Ser responsable suele ser visto con buenos ojos. Significa que eres alguien confiable, comprometido, cumplidor y que se preocupa por los demás. Es lo opuesto a eludir la responsabilidad culpando a los otros o inventando excusas.

Sin embargo, la hiperresponsabilidad no es un valor. Cuando asumes la responsabilidad por todo y de todos, es probable que termines dejando tu vida “aparcada”, sumiéndote en un bucle de estrés e insatisfacción que no hará más que empeorar.

La trampa de la hiperresponsabilidad que debes evitar a toda costa

La hiperresponsabilidad termina siendo tóxica para todos al cabo del tiempo. [Foto: Getty Images]
La hiperresponsabilidad termina siendo tóxica para todos al cabo del tiempo. [Foto: Getty Images]

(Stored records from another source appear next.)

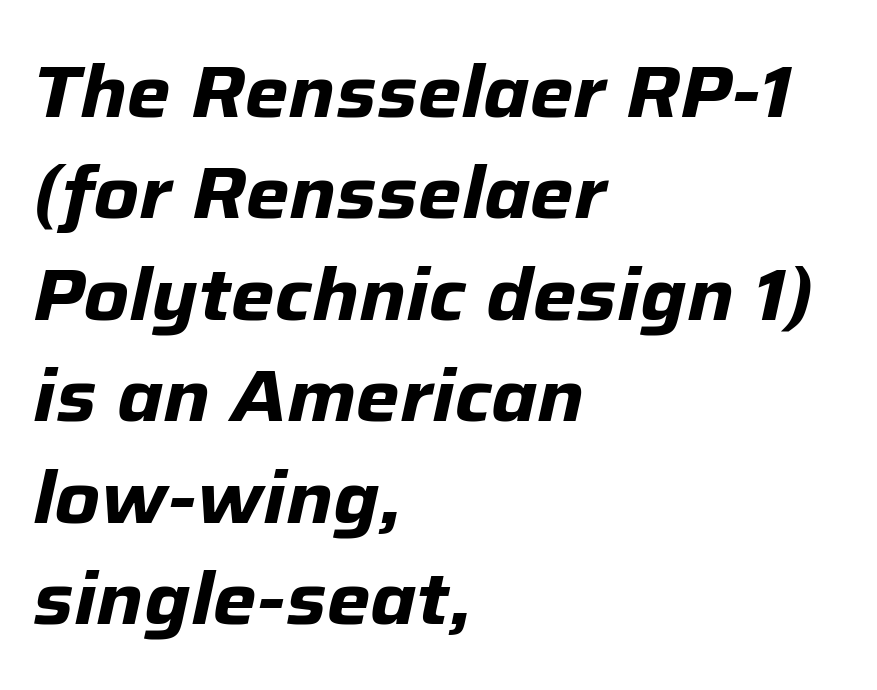
Q: Is the text bold? A: Yes.
Q: Is the text italic (slanted)? A: Yes, it leans right by about 12 degrees.
Q: Is the text underlined? A: No.
Q: How is the paragraph aligned? A: Left-aligned.
Q: Is the spacing between letters normal or unusually wide? A: Normal.
Q: Is the spacing between lines tight, normal or loose? A: Normal.
Q: Width (condensed, normal, or wide)? A: Normal.
Q: Stroke contrast? A: Low.
Q: x-height? A: Medium.
Q: Monospaced? A: No.

La responsabilidad siempre ha sido considerada como un valor. Asumir la responsabilidad por tus errores, meteduras de pata, opiniones, roles y reacciones emocionales es un signo de madurez. Sin embargo, es muy fácil traspasar la línea y caer en la responsabilidad excesiva.

Si asumes continuamente tareas y obligaciones que corresponden a los demás, te sientes responsable por sus emociones e incluso te disculpas, aunque no hayas hecho nada mal, es probable que estés siendo hiperresponsable.

La hiperresponsabilidad es una actitud que implica sentirse directamente responsable por cosas que están fuera de tu control. Es asumir deberes que no te atañen, cargar con culpas que no son tuyas y agobiarte con problemas que no te conciernen.

Es probable que quienes te rodean estén encantados de que les restes responsabilidades y les evites esfuerzos, pero también es probable que tu vida se convierta en un auténtico calvario. Tu agenda se llenará, hasta el punto de no quedar ni un hueco libre para ti mismo, y las necesidades de los demás se multiplicarán absorbiendo tus propias necesidades, hasta llegar a anularte. Como resultado, sucumbirás ante el peso de la responsabilidad excesiva.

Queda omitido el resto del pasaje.